Article Text
Abstract
Background The study of intestinal microbiota has been revolutionised by the use of molecular methods, including terminal restriction fragment length polymorphism (T-RFLP) analysis. Microbiota studies of Crohn's disease patients have examined samples from stool or from the neoterminal ileum with a standard biopsy forceps, which could be contaminated by colonic bacteria when the forceps passes through the colonoscope channel.
Objective To determine whether sheathed biopsy forceps are able to obtain terminal ileal microbiota samples with less colonic bacterial contamination compared with unsheathed (standard) biopsy forceps.
Design Prospective randomised single-centre study.
Patients and methods Four (paired) biopsy specimens were obtained from adjacent locations in the terminal ileum using the sheathed and standard forceps of 27 consecutive subjects undergoing colonoscopy and the microbiota were characterised using T-RFLP. The Bray–Curtis similarity index between samples (sheathed vs unsheathed forceps) was calculated within patients and significant differences were tested for across all patients.

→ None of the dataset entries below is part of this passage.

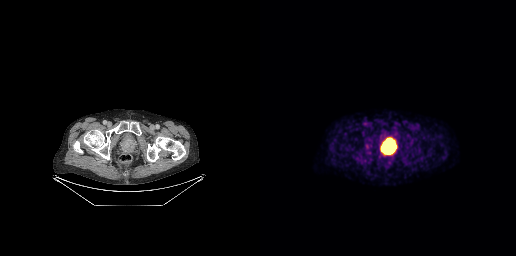
Coordinates are on the 256×256 PET (right) panel. PSMA-avid tumor lesion bounding box (x0, y0)-(x1, y1): (122, 139)-(135, 152).
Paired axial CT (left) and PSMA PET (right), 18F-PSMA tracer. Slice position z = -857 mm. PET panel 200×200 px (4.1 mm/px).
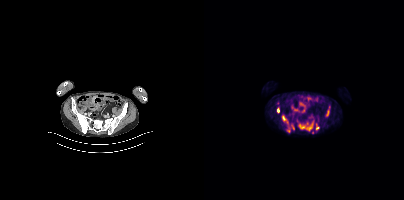
Coordinates are on the 200×200 PET (right) panel. (showing 7 of 10 foci) PSMA-avid tumor lesion bounding boxes (x0,y0,x1,y1): [94,121,109,131]; [122,106,125,115]; [73,107,75,112]; [83,128,86,132]; [112,124,114,130]; [87,125,90,129]. Small PSMA-avid focus (2 to 4 px across) near (center x, center y): (79, 118).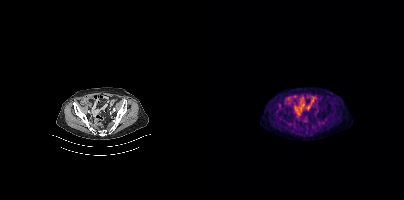
Findings: Negative for PSMA-avid disease on this slice.
Technique: Left: CT. Right: PSMA PET, same axial level, [18F]PSMA-1007 tracer. slice 110 of 397.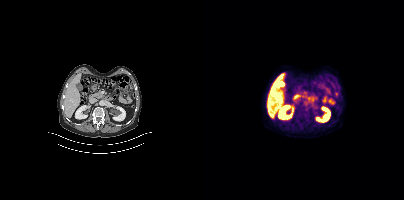
Paired axial CT (left) and PSMA PET (right), 18F-PSMA tracer. Acquired on Siemens Biograph mCT Flow 20. Slice position z = -540 mm. PET panel 200×200 px (4.1 mm/px). Negative for PSMA-avid disease on this slice.
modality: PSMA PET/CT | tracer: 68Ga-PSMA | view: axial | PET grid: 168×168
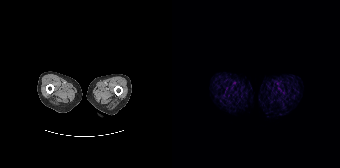
Negative for PSMA-avid disease on this slice.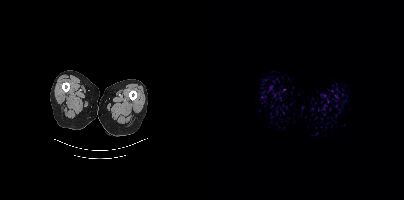
Left: CT. Right: PSMA PET, same axial level, [18F]PSMA-1007 tracer. Acquired on Siemens Biograph mCT Flow 20. PET panel 200×200 px (4.1 mm/px). No PSMA-avid tumor lesions on this slice.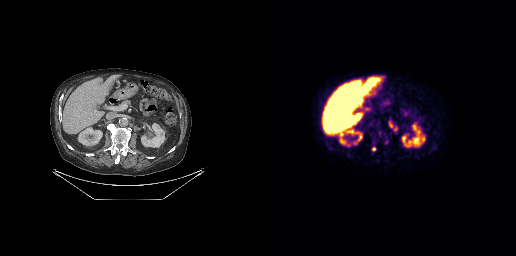
Coordinates are on the 256×256 PET (right) panel. PSMA-avid tumor lesion bounding boxes (x0, y0)-(x1, y1): (129, 120)-(137, 131); (112, 147)-(116, 151).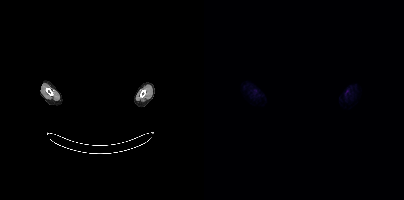
No tumor lesions annotated on this slice. Paired axial CT (left) and PSMA PET (right), 18F tracer. Slice 410 of 425. An anonymization step blacked out a rectangle over the head in this scan.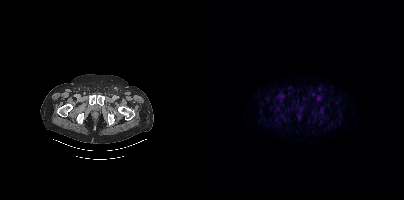
No tumor lesions annotated on this slice. Left: CT. Right: PSMA PET, same axial level, [18F]PSMA-1007 tracer. Acquired on Siemens Biograph mCT Flow 20. Slice position z = -1499 mm. PET panel 200×200 px (4.1 mm/px).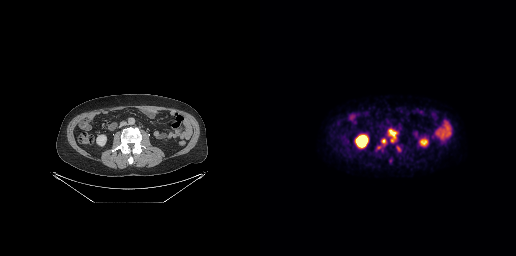
Coordinates are on the 256×256 PET (right) panel. PSMA-avid tumor lesion bounding boxes (x, y, width, height): x=128 y=129 w=10 h=14 | x=121 y=138 w=6 h=8. Small PSMA-avid foci (2 to 4 px across) near (center x, center y): (138, 148) | (119, 147).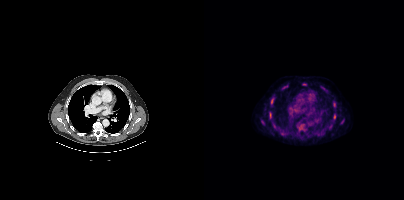
- Two-panel axial: CT | PSMA PET, 18F tracer
Findings: Coordinates are on the 200×200 PET (right) panel. (showing 5 of 6 foci) Small PSMA-avid foci (2 to 4 px across) near (center x, center y): (68, 100) | (100, 84) | (130, 104) | (130, 117) | (66, 113).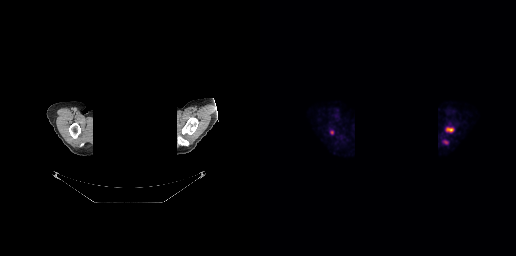
A rectangular block over the head has been blanked out for de-identification.
Coordinates are on the 256×256 PET (right) panel. PSMA-avid tumor lesion bounding boxes (x, y, width, height): x=185 y=127 w=10 h=6 / x=70 y=130 w=5 h=5. Small PSMA-avid focus (2 to 4 px across) near (center x, center y): (185, 142).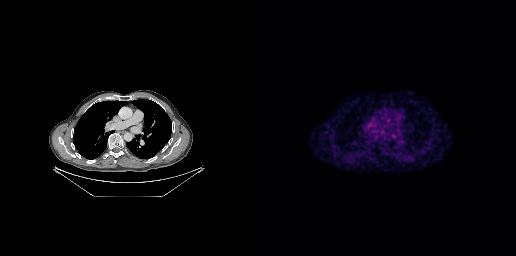
Coordinates are on the 256×256 PET (right) panel. PSMA-avid tumor lesion bounding boxes (x0, y0)-(x1, y1): (105, 124)-(111, 130) | (131, 134)-(136, 139).
modality: PSMA PET/CT | tracer: 18F-PSMA | view: axial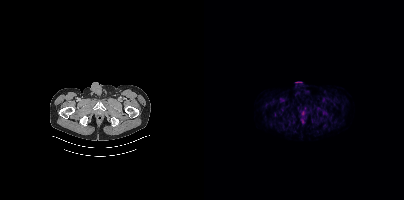
Findings: Only PSMA-avid lesion pieces thinner than 2 px on this slice (not listed).
Technique: Left: CT. Right: PSMA PET, same axial level, 18F tracer.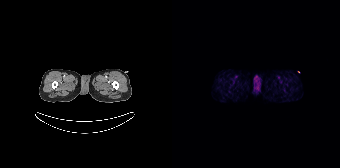
- Two-panel axial: CT | PSMA PET, [68Ga]Ga-PSMA-11 tracer
- acquired on Siemens Biograph 64-4R TruePoint
- slice position z = -938 mm
Findings: No tumor lesions annotated on this slice.
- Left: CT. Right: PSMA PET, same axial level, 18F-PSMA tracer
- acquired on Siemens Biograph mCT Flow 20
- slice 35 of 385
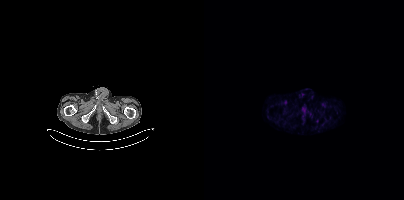
Findings: Coordinates are on the 200×200 PET (right) panel. Small PSMA-avid focus (2 to 4 px across) near (center x, center y): (113, 121).
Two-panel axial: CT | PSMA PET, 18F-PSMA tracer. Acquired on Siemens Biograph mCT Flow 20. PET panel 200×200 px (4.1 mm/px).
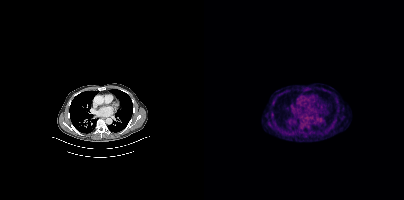
Coordinates are on the 200×200 PET (right) panel. PSMA-avid tumor lesion bounding box (x, y, width, height): x=96 y=118 w=6 h=6.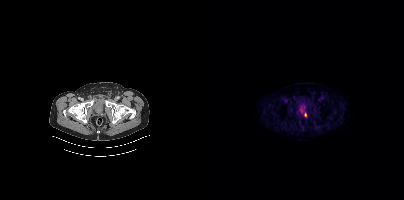
Left: CT. Right: PSMA PET, same axial level, 18F tracer. Slice 68 of 417. PET panel 200×200 px (4.1 mm/px). Coordinates are on the 200×200 PET (right) panel. Small PSMA-avid focus (2 to 4 px across) near (center x, center y): (101, 114).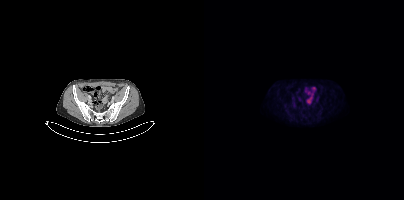
{"modality":"PSMA PET/CT","view":"axial","tracer":"18F-PSMA","pet_grid":[200,200],"coord_frame":"pet_panel","coord_format":"x0,y0,x1,y1","psma_avid_lesions":false}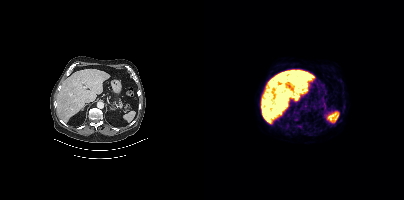
{"modality":"PSMA PET/CT","view":"axial","tracer":"18F-PSMA","pet_grid":[200,200],"coord_frame":"pet_panel","coord_format":"x0,y0,x1,y1","psma_avid_lesions":false}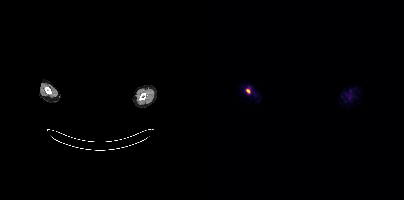
modality: PSMA PET/CT | tracer: [18F]PSMA-1007 | view: axial | deidentification: head region blanked (face removed)
Coordinates are on the 200×200 PET (right) panel. PSMA-avid tumor lesion bounding box (x0,y0,x1,y1): [42,89,45,93].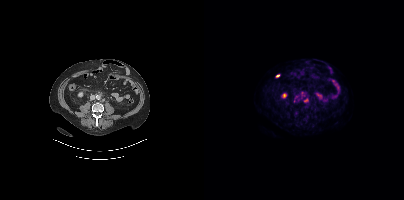
Coordinates are on the 200×200 PET (right) panel. PSMA-avid tumor lesion bounding boxes (x, y, width, height): x=97 y=92 w=5 h=5; x=100 y=98 w=5 h=5. Small PSMA-avid foci (2 to 4 px across) near (center x, center y): (90, 101); (95, 100).
modality: PSMA PET/CT | tracer: 18F | view: axial | PET grid: 200×200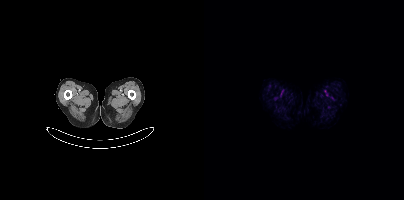
{"modality":"PSMA PET/CT","view":"axial","tracer":"18F-PSMA","pet_grid":[200,200],"coord_frame":"pet_panel","coord_format":"x0,y0,x1,y1","psma_avid_lesions":false}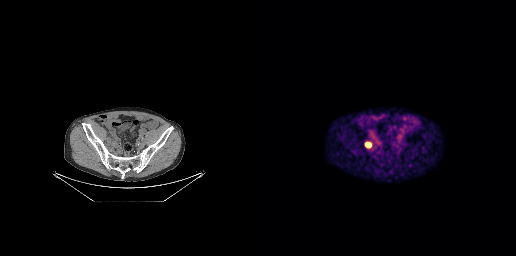
Findings: Coordinates are on the 256×256 PET (right) panel. PSMA-avid tumor lesion bounding box (x0,y0,x1,y1): [106,143,110,146].
Technique: Paired axial CT (left) and PSMA PET (right), 68Ga tracer. acquired on GE Discovery 690.
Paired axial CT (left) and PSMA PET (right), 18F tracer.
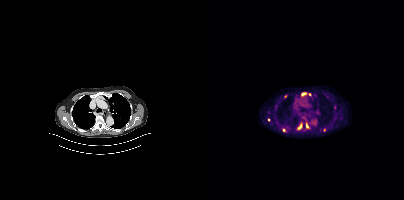
Coordinates are on the 200×200 PET (right) panel. PSMA-avid tumor lesion bounding boxes:
| # | x0 | y0 | x1 | y1 |
|---|---|---|---|---|
| 1 | 93 | 124 | 97 | 129 |
| 2 | 97 | 92 | 102 | 95 |
| 3 | 102 | 123 | 104 | 127 |
Small PSMA-avid foci (2 to 4 px across) near (center x, center y): (80, 130); (120, 130); (105, 94); (81, 96); (64, 119).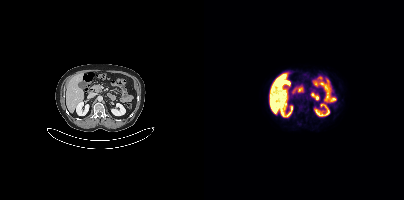
{"pet_grid":[200,200],"coord_frame":"pet_panel","coord_format":"x0,y0,x1,y1","psma_avid_lesions":false,"modality":"PSMA PET/CT","view":"axial","tracer":"18F"}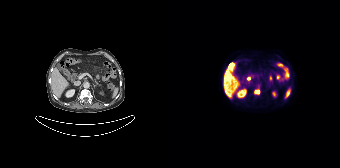
Coordinates are on the 168×168 PET (right) panel. PSMA-avid tumor lesion bounding box (x, y, width, height): x=82 y=90 w=6 h=4. Two-panel axial: CT | PSMA PET, 18F tracer. PET panel 168×168 px (4.1 mm/px).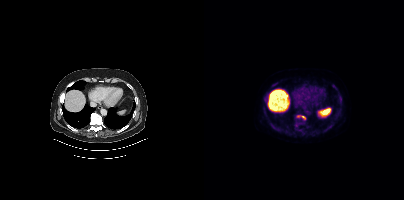
{"modality":"PSMA PET/CT","view":"axial","tracer":"18F-PSMA","pet_grid":[200,200],"coord_frame":"pet_panel","coord_format":"x0,y0,x1,y1","partial":true,"lesion_bboxes":[[90,117,98,125],[118,128,124,132],[70,127,74,131]],"small_foci_centers":[[69,85],[91,129],[130,86],[135,100]]}
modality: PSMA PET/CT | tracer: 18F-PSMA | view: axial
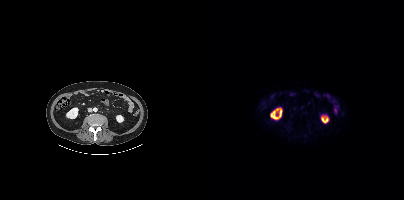
This slice has no annotated PSMA-avid lesion.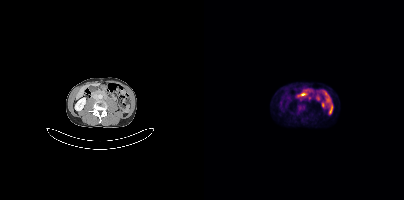
Technique: Paired axial CT (left) and PSMA PET (right), 18F-PSMA tracer. PET panel 200×200 px (4.1 mm/px).
Findings: Coordinates are on the 200×200 PET (right) panel. PSMA-avid tumor lesion bounding box (x0, y0)-(x1, y1): (94, 105)-(99, 110).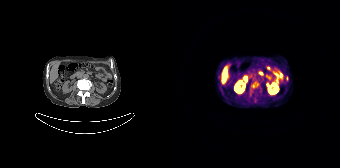
Left: CT. Right: PSMA PET, same axial level, 68Ga tracer. Acquired on Siemens Biograph 64-4R TruePoint. PET panel 168×168 px (4.1 mm/px). Coordinates are on the 168×168 PET (right) panel. PSMA-avid tumor lesion bounding boxes (x0, y0)-(x1, y1): (79, 82)-(86, 87); (114, 76)-(116, 80).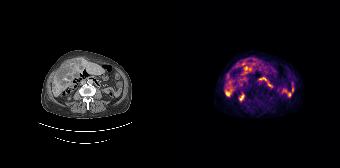
Coordinates are on the 168×168 PET (right) panel. (showing 5 of 6 foci) PSMA-avid tumor lesion bounding boxes (x0, y0)-(x1, y1): (53, 88)-(60, 96) / (72, 66)-(77, 71) / (68, 77)-(74, 81) / (78, 62)-(83, 66). Small PSMA-avid focus (2 to 4 px across) near (center x, center y): (69, 64).
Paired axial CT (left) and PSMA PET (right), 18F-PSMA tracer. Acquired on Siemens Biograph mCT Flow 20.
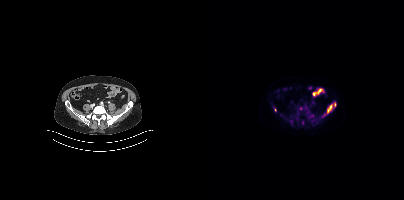
Coordinates are on the 200×200 PET (right) panel. PSMA-avid tumor lesion bounding boxes (partial; 1 more focus not listed):
| # | x0 | y0 | x1 | y1 |
|---|---|---|---|---|
| 1 | 123 | 102 | 132 | 113 |
Small PSMA-avid foci (2 to 4 px across) near (center x, center y): (71, 109); (96, 108); (108, 115).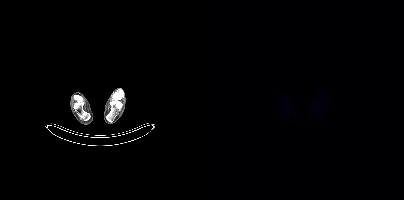
- Two-panel axial: CT | PSMA PET, 18F-PSMA tracer
- slice position z = -1887 mm
- PET panel 200×200 px (4.1 mm/px)
Findings: This slice has no annotated PSMA-avid lesion.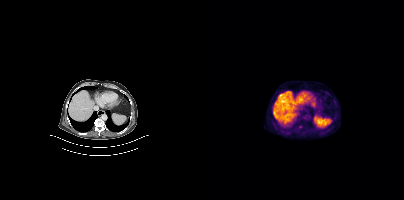
Two-panel axial: CT | PSMA PET, 18F-PSMA tracer. Slice position z = -641 mm. Coordinates are on the 200×200 PET (right) panel. Small PSMA-avid focus (2 to 4 px across) near (center x, center y): (96, 126).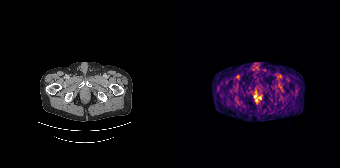
Findings: No tumor lesions annotated on this slice.
- Two-panel axial: CT | PSMA PET, 68Ga-PSMA tracer
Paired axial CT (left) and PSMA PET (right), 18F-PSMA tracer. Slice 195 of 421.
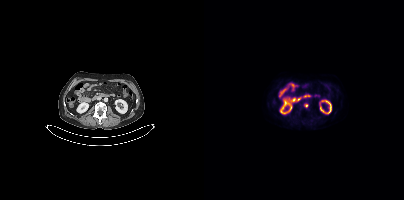
Coordinates are on the 200×200 PET (right) panel. Small PSMA-avid focus (2 to 4 px across) near (center x, center y): (102, 105).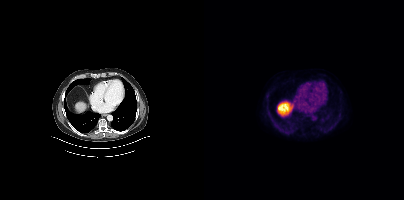
{"modality":"PSMA PET/CT","view":"axial","tracer":"18F-PSMA","pet_grid":[200,200],"coord_frame":"pet_panel","coord_format":"x0,y0,x1,y1","psma_avid_lesions":false}
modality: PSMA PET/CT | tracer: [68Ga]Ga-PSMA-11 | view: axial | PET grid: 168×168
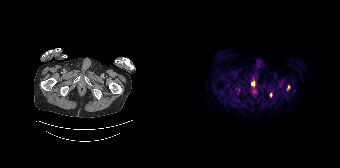
Coordinates are on the 168×168 PET (right) panel. (showing 1 of 2 foci) Small PSMA-avid focus (2 to 4 px across) near (center x, center y): (98, 94).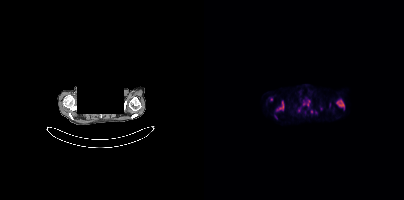
{"modality":"PSMA PET/CT","view":"axial","tracer":"18F","pet_grid":[200,200],"coord_frame":"pet_panel","coord_format":"x0,y0,x1,y1","partial":true,"lesion_bboxes":[[132,100,140,108],[72,101,80,111],[103,100,105,105]],"small_foci_centers":[[107,111],[94,110],[111,112]],"deidentification":"privacy mask over head"}
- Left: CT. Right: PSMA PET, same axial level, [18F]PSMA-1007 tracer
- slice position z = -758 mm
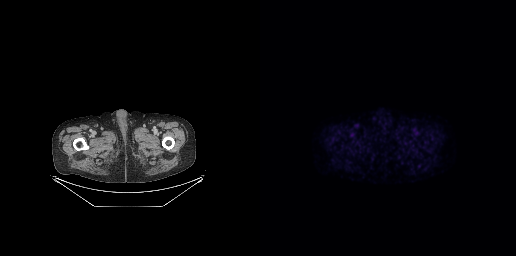
Findings: This slice has no annotated PSMA-avid lesion.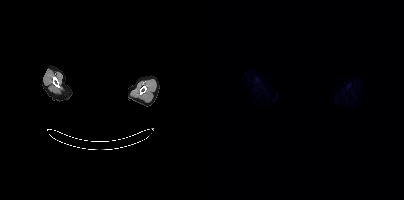
- Two-panel axial: CT | PSMA PET, 18F tracer
- slice position z = 514 mm
- an anonymization step blacked out a rectangle over the head in this scan
Findings: This slice has no annotated PSMA-avid lesion.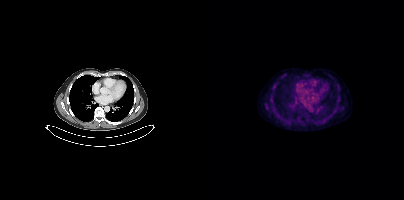
Negative for PSMA-avid disease on this slice.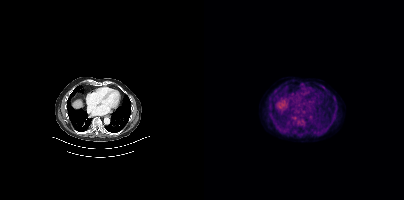
Coordinates are on the 200×200 PET (right) panel. Small PSMA-avid focus (2 to 4 px across) near (center x, center y): (98, 121).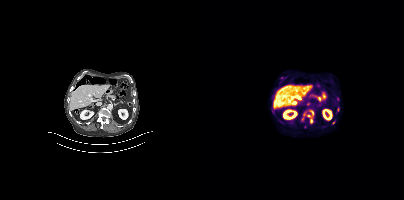
Paired axial CT (left) and PSMA PET (right), [18F]PSMA-1007 tracer. Coordinates are on the 200×200 PET (right) panel. (showing 4 of 6 foci) PSMA-avid tumor lesion bounding boxes (x, y, width, height): x=98 y=110 w=12 h=14 / x=75 y=120 w=5 h=5. Small PSMA-avid foci (2 to 4 px across) near (center x, center y): (103, 103) / (129, 122).

Results There was not a significant difference in the microbial diversity of samples obtained using sheathed versus unsheathed forceps. The difference in microbial diversity between patients was much greater than the variability within patients by proximal versus distal site or by forceps type.
Limitations T-RFLP is based on PCR amplification, so it is not always sensitive to rare bacterial species.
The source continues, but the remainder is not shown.